O evento contará com a presença de autoridades da Agência Brasileira de Promoção de Exportações e Investimentos (ApexBrasil), do Ministério do Desenvolvimento, Indústria, Comércio e Serviços (MDIC), além de representantes do Ministério das Relações Exteriores (MRE), Ministério do Desenvolvimento Agrário e Agricultura Familiar (MDA), Ministério da Pesca e Aquicultura (MPA), Embrapa, Sebrae e Companhia Nacional de Abastecimento (Conab).

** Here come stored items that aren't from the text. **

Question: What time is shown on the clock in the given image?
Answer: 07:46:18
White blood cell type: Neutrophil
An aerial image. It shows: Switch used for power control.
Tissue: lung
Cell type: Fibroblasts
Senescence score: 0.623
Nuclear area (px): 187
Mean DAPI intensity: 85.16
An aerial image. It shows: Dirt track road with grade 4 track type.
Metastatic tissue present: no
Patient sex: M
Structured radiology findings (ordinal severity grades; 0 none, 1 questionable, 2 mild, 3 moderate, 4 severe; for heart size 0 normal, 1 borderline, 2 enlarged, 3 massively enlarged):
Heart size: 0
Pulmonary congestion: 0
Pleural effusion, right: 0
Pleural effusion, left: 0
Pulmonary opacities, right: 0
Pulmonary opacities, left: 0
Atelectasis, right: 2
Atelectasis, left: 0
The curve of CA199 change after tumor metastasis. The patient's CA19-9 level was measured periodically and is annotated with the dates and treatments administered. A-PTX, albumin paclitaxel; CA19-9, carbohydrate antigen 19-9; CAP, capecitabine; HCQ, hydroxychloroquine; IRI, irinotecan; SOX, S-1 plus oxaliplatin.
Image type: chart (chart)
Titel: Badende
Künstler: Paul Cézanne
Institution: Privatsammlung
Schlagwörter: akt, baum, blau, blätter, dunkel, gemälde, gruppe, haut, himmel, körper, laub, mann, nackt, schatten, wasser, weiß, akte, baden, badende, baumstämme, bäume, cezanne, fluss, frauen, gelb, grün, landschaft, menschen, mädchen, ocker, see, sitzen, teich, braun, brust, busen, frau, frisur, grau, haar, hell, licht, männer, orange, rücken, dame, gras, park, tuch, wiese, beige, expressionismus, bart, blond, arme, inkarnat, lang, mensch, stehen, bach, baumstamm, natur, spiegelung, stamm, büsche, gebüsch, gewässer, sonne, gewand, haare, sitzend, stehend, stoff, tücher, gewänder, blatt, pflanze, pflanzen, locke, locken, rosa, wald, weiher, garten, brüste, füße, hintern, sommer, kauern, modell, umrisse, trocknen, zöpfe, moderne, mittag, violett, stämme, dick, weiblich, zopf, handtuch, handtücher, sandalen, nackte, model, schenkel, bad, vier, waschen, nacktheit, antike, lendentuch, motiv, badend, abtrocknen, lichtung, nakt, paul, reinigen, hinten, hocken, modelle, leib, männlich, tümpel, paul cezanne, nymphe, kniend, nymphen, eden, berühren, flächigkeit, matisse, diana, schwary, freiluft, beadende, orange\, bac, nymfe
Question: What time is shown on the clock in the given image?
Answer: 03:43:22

O encontro reúne 54 adidos agrícolas, sendo 40 em missão e 14 recém-designados, além das equipes dos escritórios da ApexBrasil em Bogotá, Miami, Bruxelas, Moscou, Dubai, Lisboa e Pequim.

O objetivo é fortalecer a articulação entre instituições governamentais, adidos agrícolas, equipes técnicas e setores produtivos, ampliando a eficiência das exportações brasileiras e o acesso a mercados internacionais por meio de painéis técnicos, workshops, seminários e rodadas de alinhamento.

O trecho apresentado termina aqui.